TROUBLE IN THE NIGHT

I live in typical post WWI building in the Bronx and one night a couple years ago we had a near major catastrophe. Just as our favorite Wednesday evening TV program ended the lights flashed off and on several times and then in an instant we were in total darkness and our apartment quickly filled with thick nasty smelling smoke. I thought for sure that the building had caught on fire. But as it turned out the smoke had come from shorted out electrical wires in the power plant adjacent to our building. Though at the time we had no idea what was going on and everyone quickly evacuated the building.

The electrical fire had been quickly extinguished though some of the apartments still contained serious fumes and heavy black smoke hung in the air. The fire deputy would not let us reenter our apartments until the carbon monoxide level had receded. We stood around outside for hours eagerly watching as a fireman walked through the building several times with a special meter testing the air, and only when he gave us the O.K. we were allowed back into our apartments even though we’d be without electricity or heat.

It was early spring and the night was quite chilly but that night we slept with every window open. Several hours later I awoke from an uneasy sleep when the lights that had flickered on and off before the fire all came on at once when the electricity had been reestablished in our building. I got up, turned off the lights and went back to bed knowing that things had gotten back to some semblance of normal.

Ah, the cat!! And what of them you ask? They were obviously totally freaked out by the mayhem. There were lots of sirens and major lights flashing all through our darkened apartment from the dozen fire trucks that had responded to the emergency, and you can bet that the cats had quickly scurried off to hiding places. There would have been no way that we could have rescued them had there been a real fire. And that’s a sad thing to think about. Honey, the most easily freaked out of our two cats was still slinking around the next morning and jumped at ever little sound. Jersey, the older and possibly the wiser of the two felines, eventually came out from hiding once we’d come back into the apartment that night. She sat on her haunches at the window and nervously watched the Con Edison guys hook up the new power lines for the apartment building. My son said he heard Jersey cough several times during the night but she seemed to be fine in the morning.

The Con Edison emergency vehicle was still parked across the street the next morning and it’s motor rumbled and rumbled, making poor little Honey flit nervously around the apartment looking for a hiding place every time she heard a loud kaboom. But she must have found some solace in the night because I spotted a dead water bug on the floor in the hallway, a sure sign that she’d been out hunting in the darkened hours while we slept. Good for her. As skittish as she is, she’s still a real trooper.

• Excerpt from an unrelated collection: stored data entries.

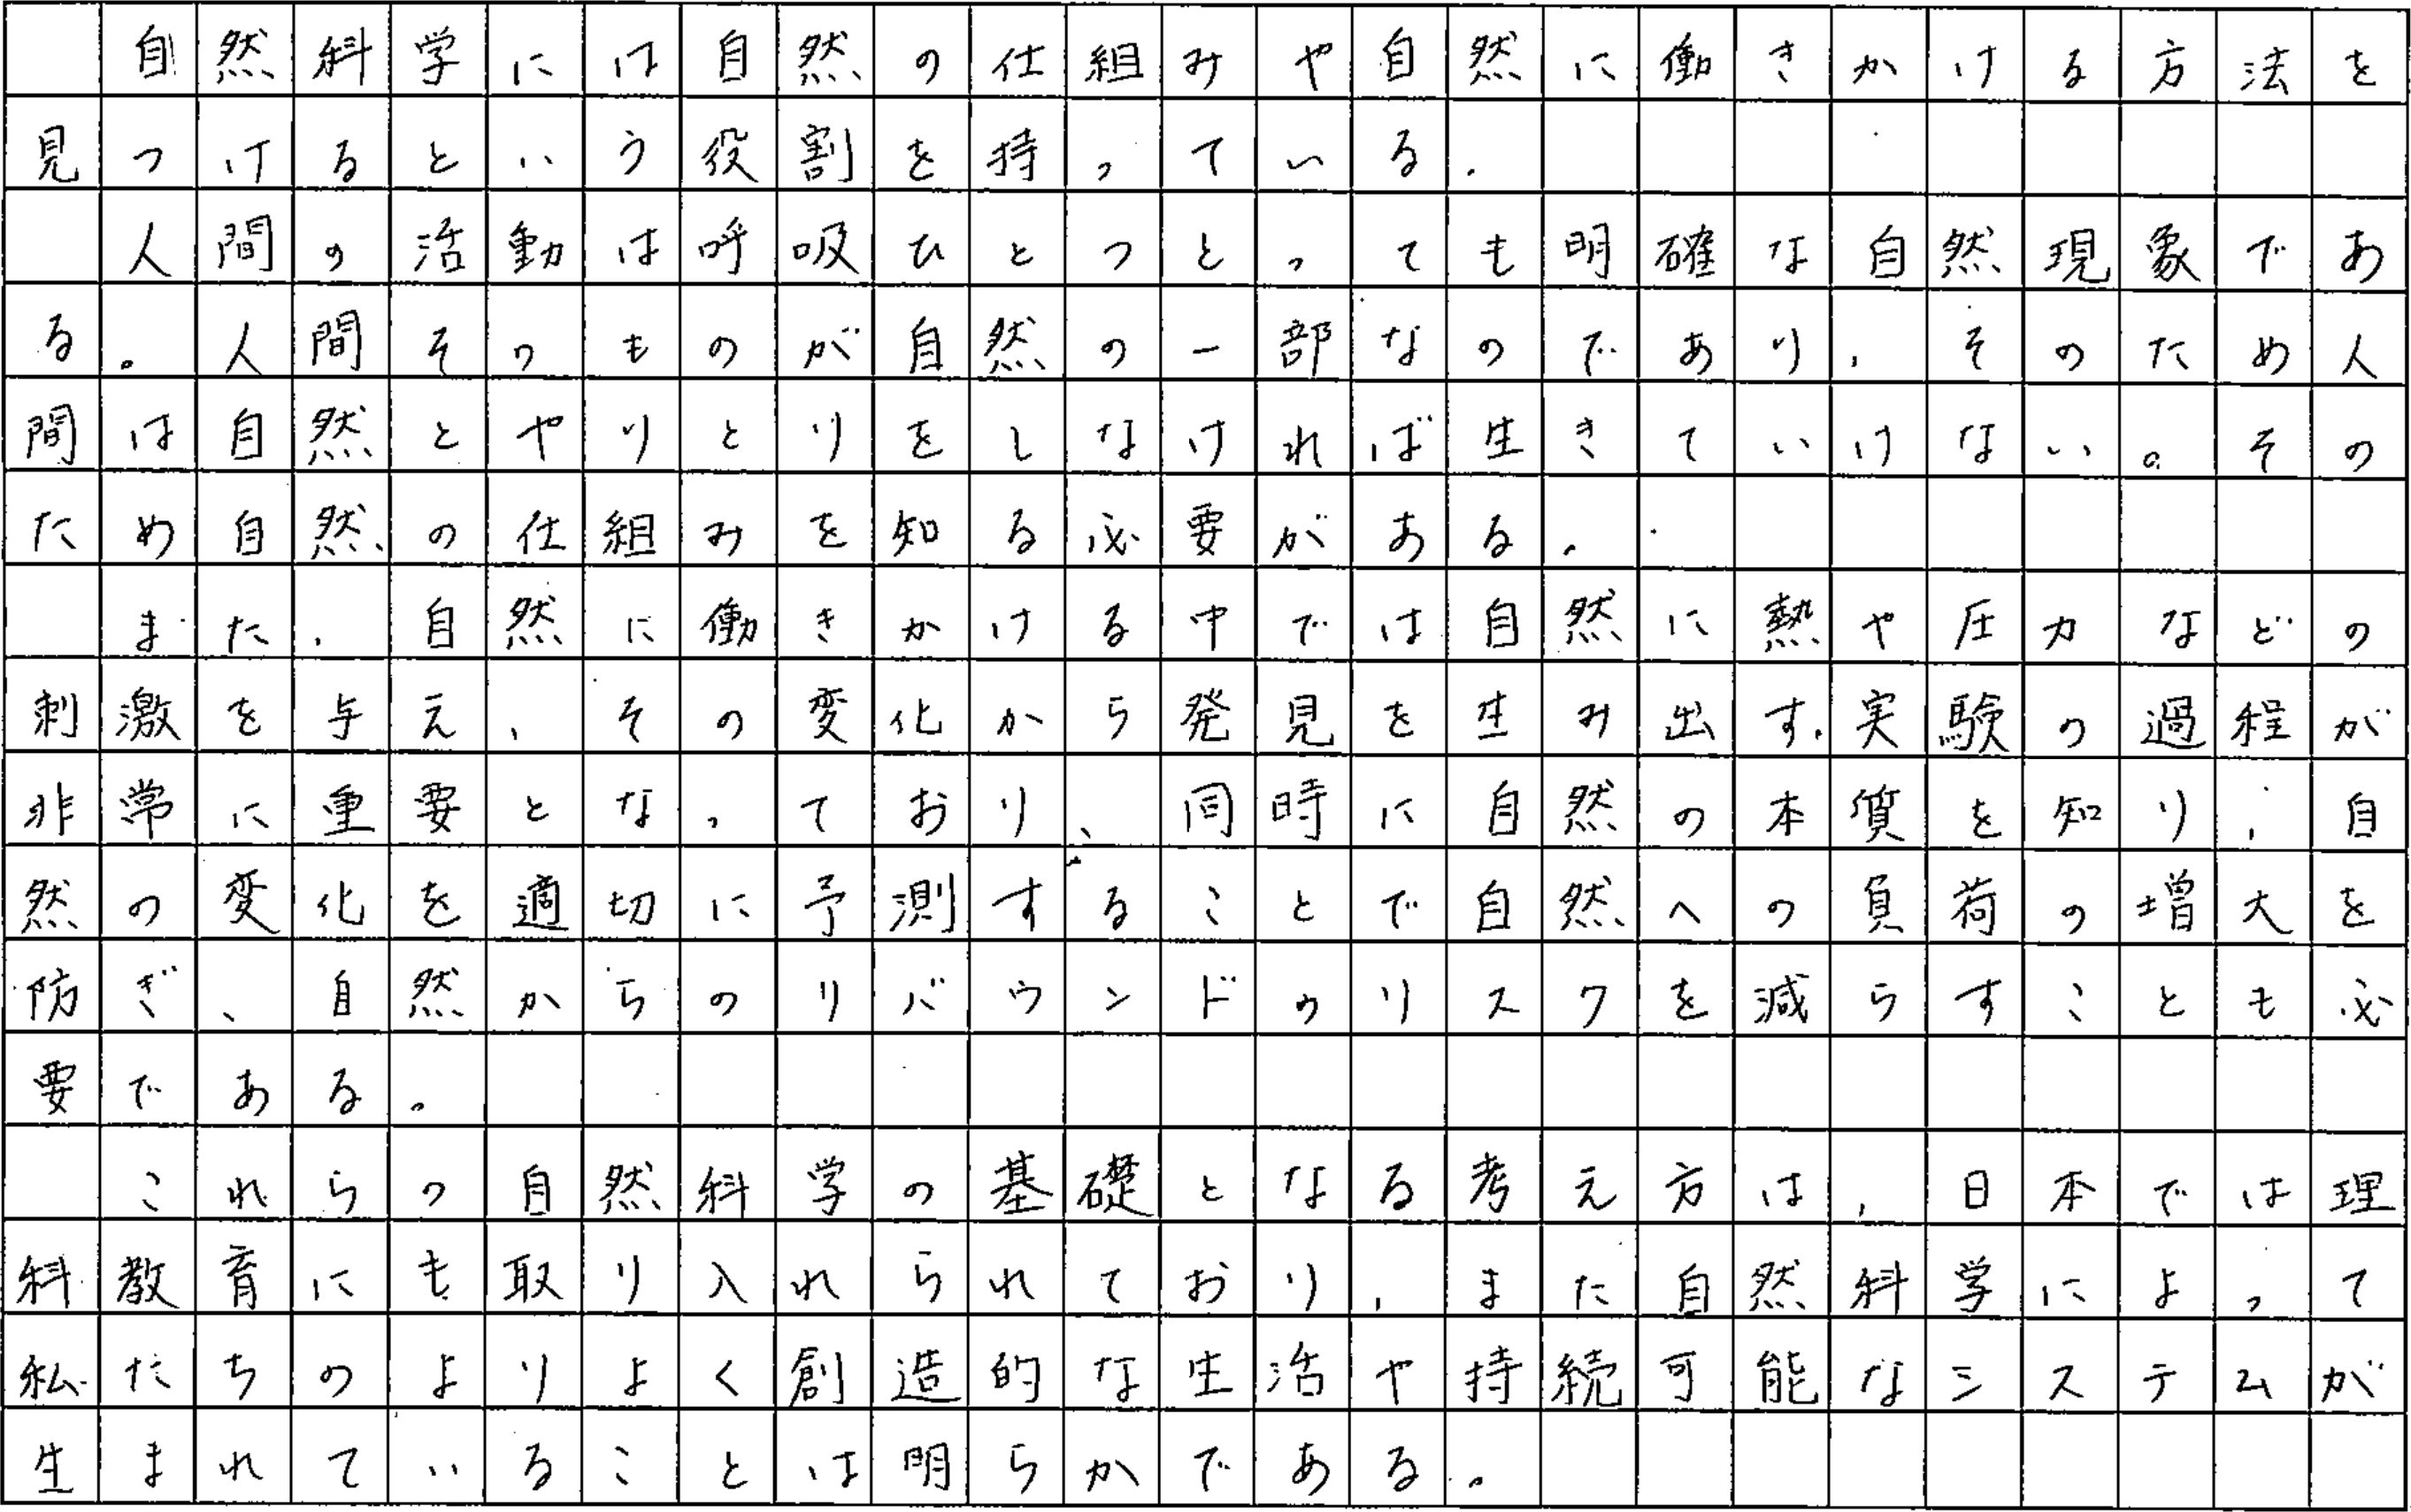　自然科学には自然の仕組みや自然に働きかける方法を見つけるという役割を持っている。
　人間の活動は呼吸ひとつとっても明確な自然現象である。人間そのものが自然の一部なのであり、そのため人間は自然とやりとりをしなければ生きていけない。そのため自然の仕組みを知る必要がある。
　また、自然に働きかける中では自然に熱や圧力などの刺激を与え、その変化から発見を生み出す実験の過程が非常に重要となっており、同時に自然の本質を知り、自然の変化を適切に予測することで自然への負荷の増大を防ぎ、自然からのリバウンドのリスクを減らすことも必要である。
　これらの自然科学の基礎となる考え方は、日本では理科教育にも取り入れられており、また自然科学によって私たちのよりよく創造的な生活や持続可能なシステムが生まれていることは明らかである。
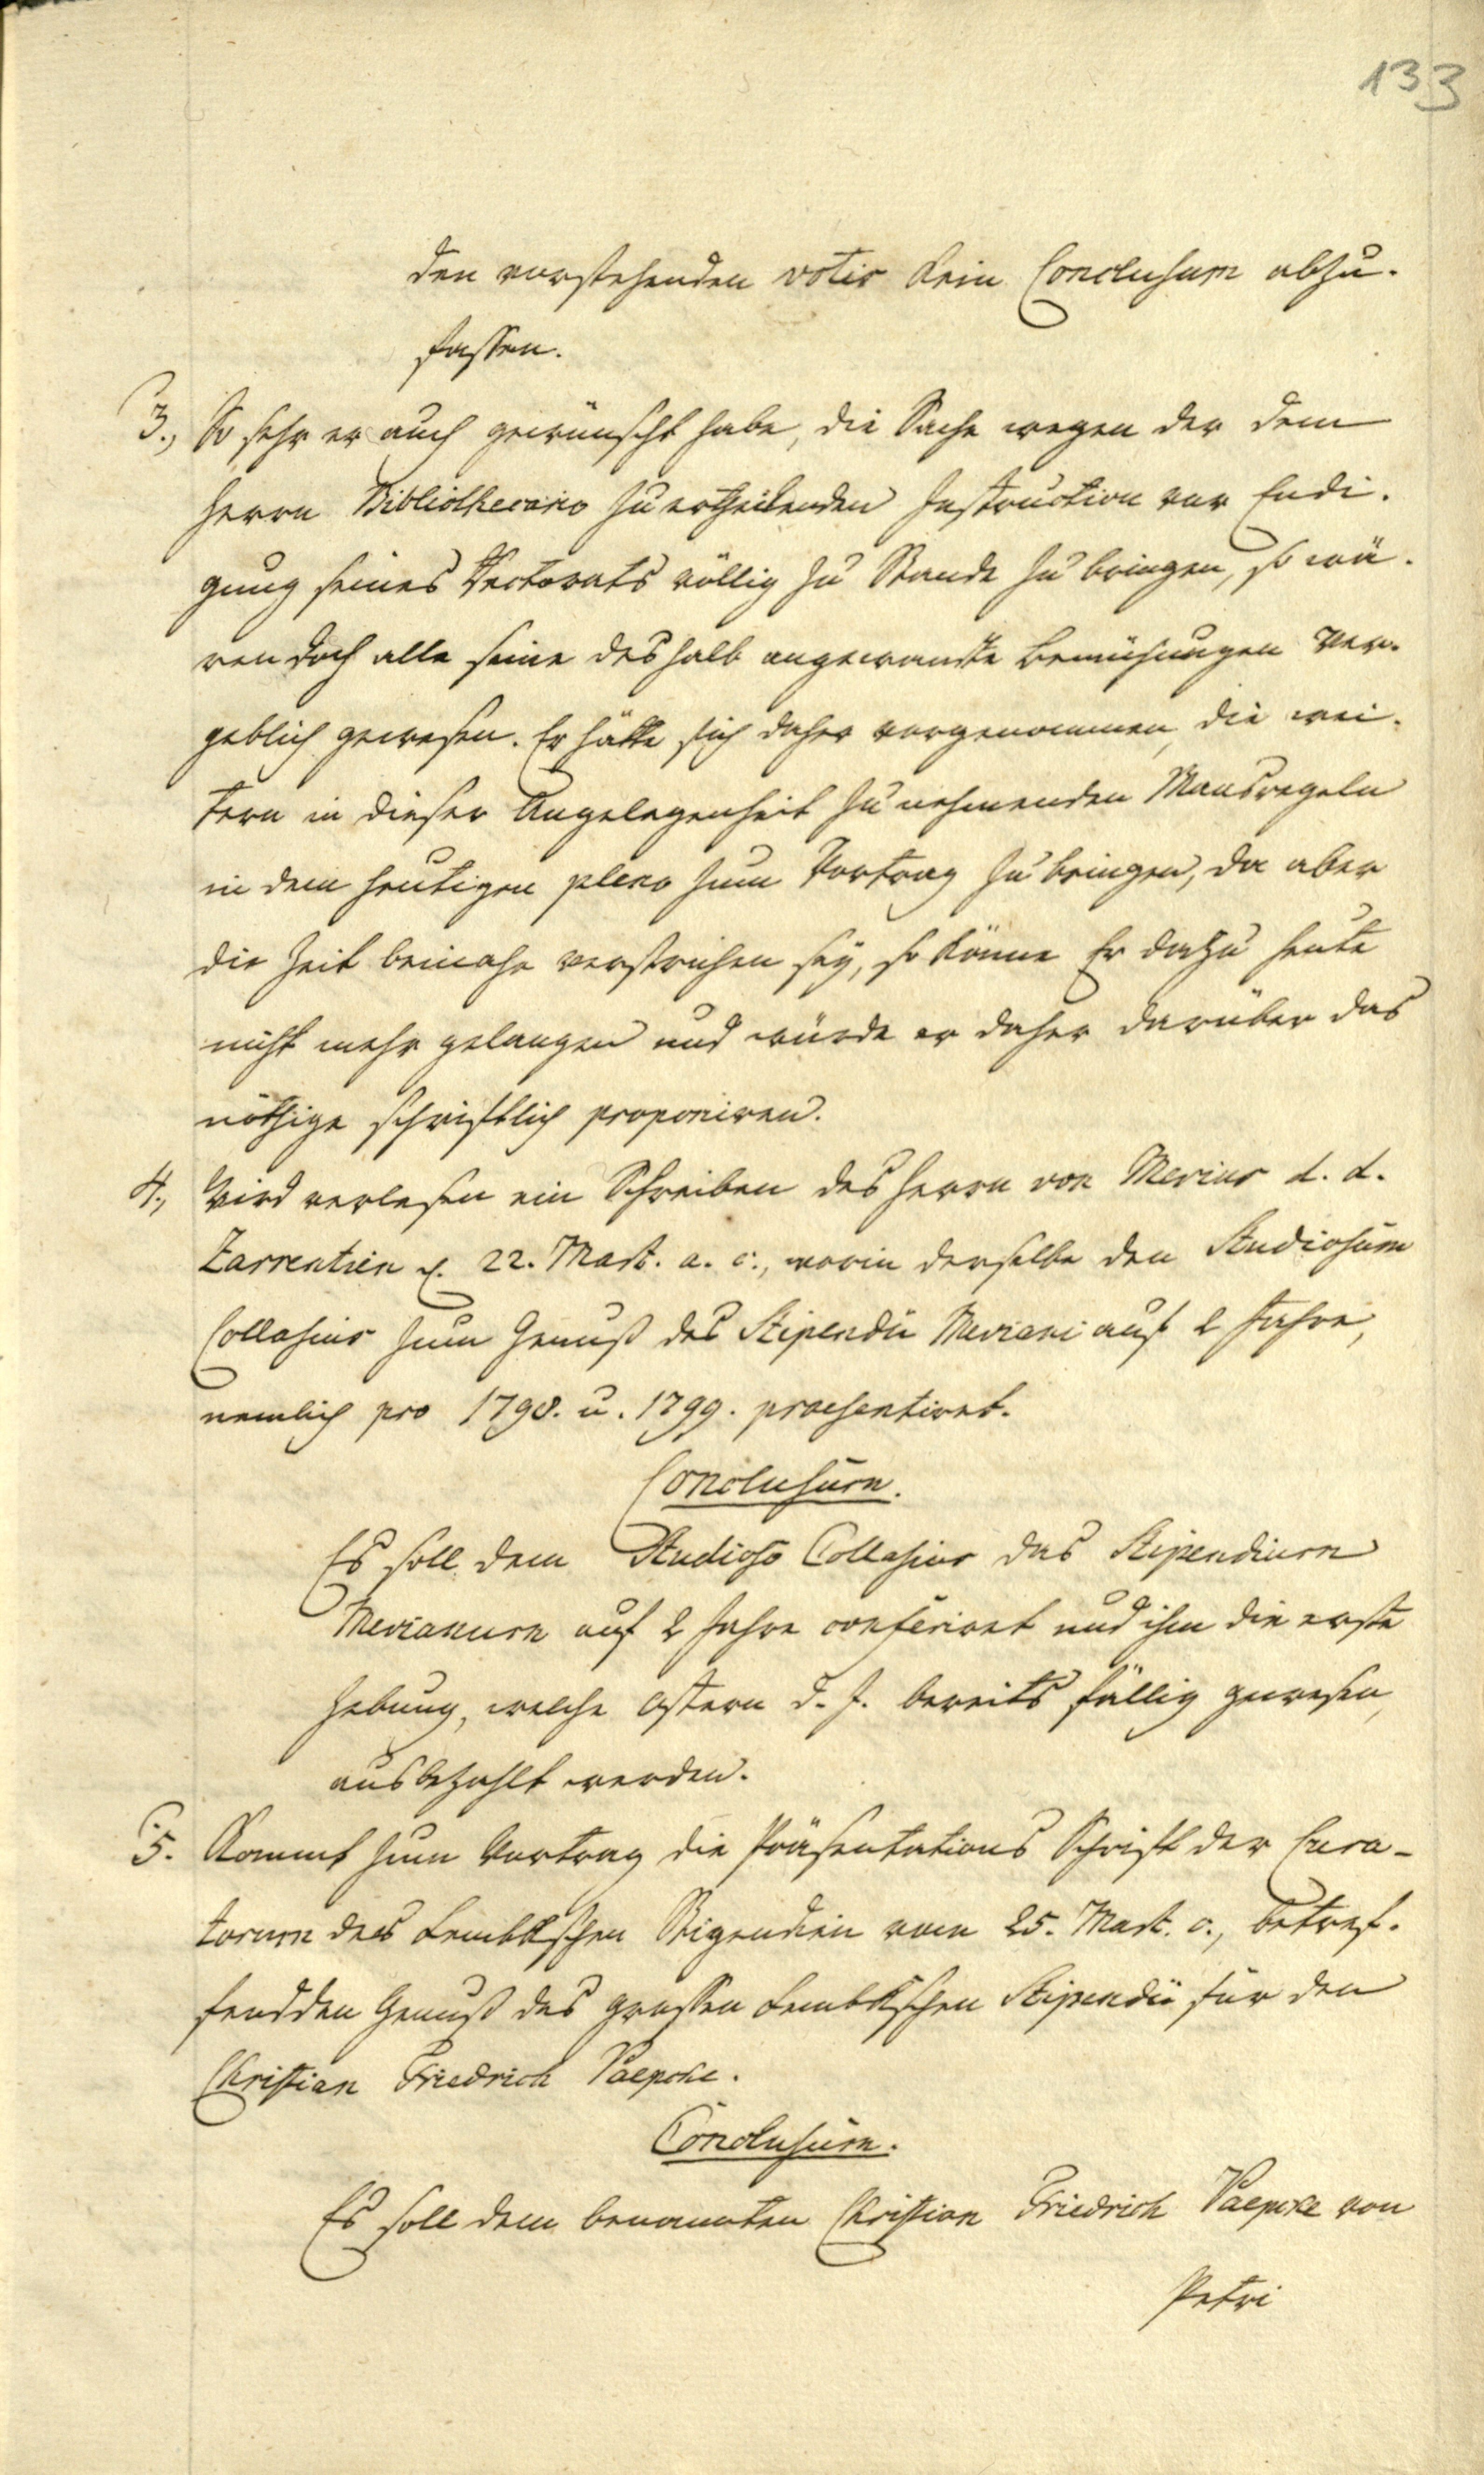den vorstehenden votis kein Conclusum abzu¬
fassen.
3., So sehr er auch gewünscht habe, die Sache wegen der dem
Herrn Bibliothecario zu ertheilenden Instruction vor Endi¬
gung seines Rectorats völlig zu Stande zu bringen, so wä¬
ren doch alle seine deshalb angewandte Bemühungen ver¬
geblich gewesen. Er hätte sich daher vorgenommen, die wei¬
tern in dieser Angelegenheit zu nehmenden Maasregeln
in dem heutigen pleno zum Vortrag zu bringen, da aber
die Zeit beinahe verstrichen seÿ, so könne Er dazu heute
nicht mehr gelangen und würde er daher darüber das
nöthige schriftlich proponiren.
4, Wird verlesen ein Schreiben des Herrn von Mevius d. d.
Zarrentien l. 22. Mart. a. c., worin derselbe den Studiosum
Collasius zum Genuß des Stipendii Meviani auf 2 Jahre,
nemlich pro 1798. u. 1799. praesentiret.
Conclusum.
Es soll dem Studioso Collasius das Stipendium
Mevianum auf 2 Jahre conferiret und ihm die erste
Hebung, welche Ostern d. J. bereits fällig gewesen,
aus bezahlt werden.
5. Kommt zum Vortrag die Präsentations Schrift der Cura¬
torum der Lembkschen Stipendien vom 25. Mart c. betref¬
fend den Genuß des grossen Lembkschen Stipendii für den
Christian Friedrich Paepcke.
Conclusum.
Es soll dem benannten Christian Friedrich Paepcke von
Petri

Nervous cats however were not my only worries. As I surveyed our apartment that next day I could see that a thin layer of soot had settled on everything. My four-day-old computer keyboard that had only the day before been pristine white, now looked as though it had been with me for months. The stack of newly cleaned laundry that I hadn’t put away yet now had a thin layer of schmutz on it, too. The top page of paper sitting in my printer had a grey tinge and when I dragged my finger across the top sheet I left a classic white streak on the sooty mess. This was a pretty good indication that everything, and I do mean everything, would have to be cleaned.

But when I looked at the damage in our apartment I knew that it could have been much worse. And I had a strong urge to thank strangers. The response time from the FDNY amazed me, and I knew that they must have received many calls from other tenants, because my husband, my son, and myself had not completely descended the stairs to the outside of our building when we heard the sirens heading our way. Then during the long hours of waiting, I heard several firemen offer their coats to mothers and children shivering in the chilly night. The men from the apartment complex service department had worked non-stop since the first notification of trouble and I heard them outside my apartment window the next morning still digging up the smoldering earth, working tirelessly to correct the problem. And neighbors who had only nodded when passing each other in the courtyard, that night offered to let people stay in their apartments, or to bring them a cup of tea to fortify them through the chilly hours while they waiting.

We were lucky our story had a happy ending. I remember not too long ago that someone had told me that the best way to thank strangers was to lend a helping hand to the next person standing in line. I’d say that’s a pretty good way to go through life.